[Provided data]
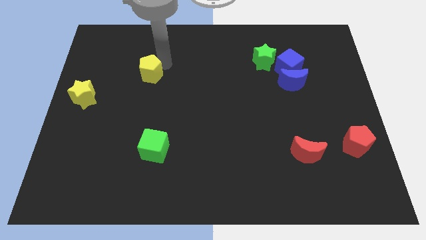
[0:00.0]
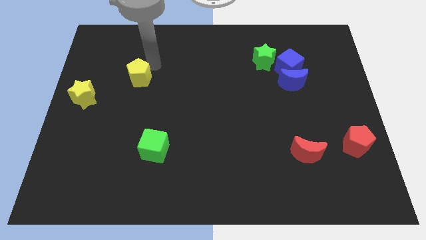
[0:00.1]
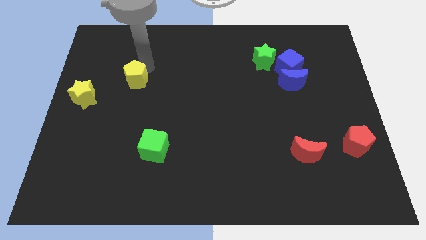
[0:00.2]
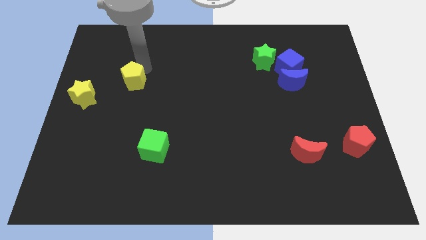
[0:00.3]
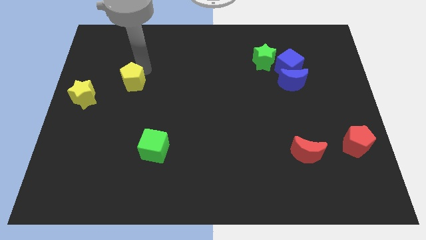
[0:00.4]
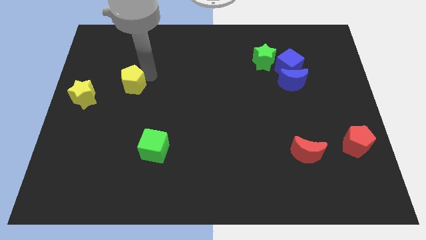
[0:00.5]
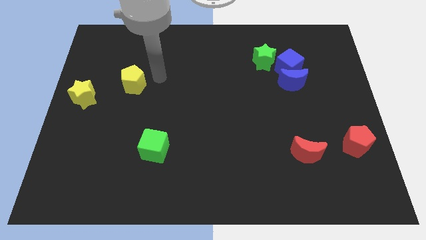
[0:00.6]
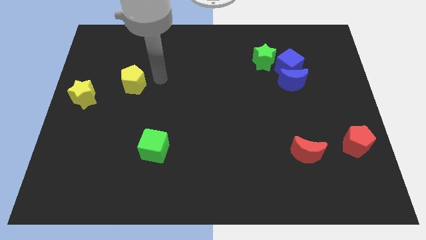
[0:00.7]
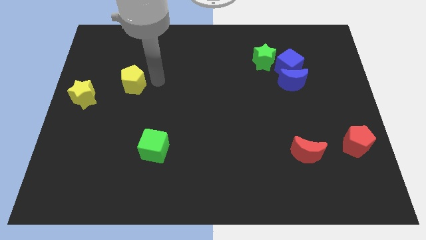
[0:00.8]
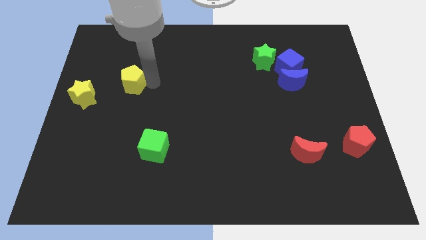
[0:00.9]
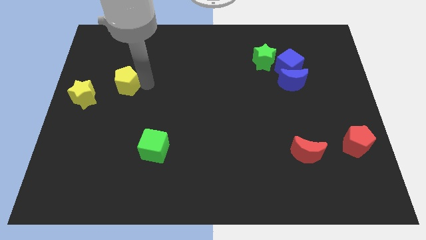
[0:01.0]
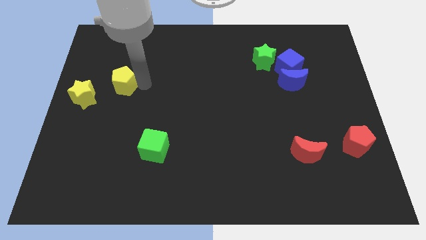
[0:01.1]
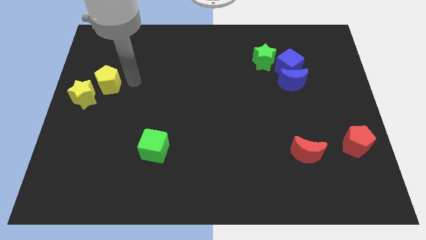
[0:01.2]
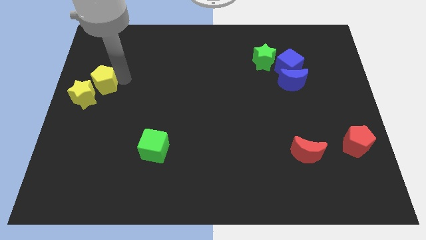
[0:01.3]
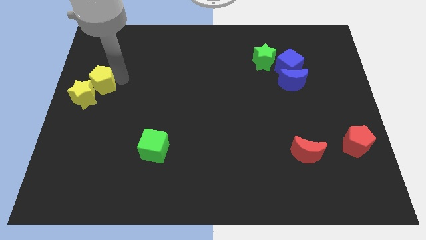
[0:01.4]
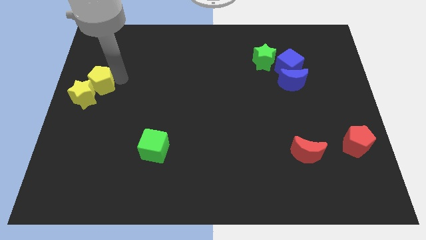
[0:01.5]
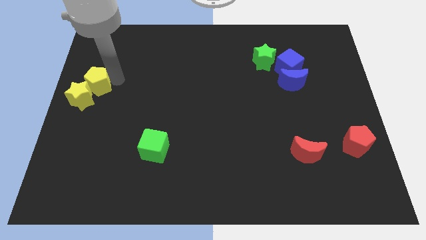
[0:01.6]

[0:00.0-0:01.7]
push the yellow pentagon into the yellow star

[What you will do]
Copy the data in full. No pictures belong in the copy.

[Solution to the problem]
[0:00.0]
[0:00.1]
[0:00.2]
[0:00.3]
[0:00.4]
[0:00.5]
[0:00.6]
[0:00.7]
[0:00.8]
[0:00.9]
[0:01.0]
[0:01.1]
[0:01.2]
[0:01.3]
[0:01.4]
[0:01.5]
[0:01.6]

[0:00.0-0:01.7]
push the yellow pentagon into the yellow star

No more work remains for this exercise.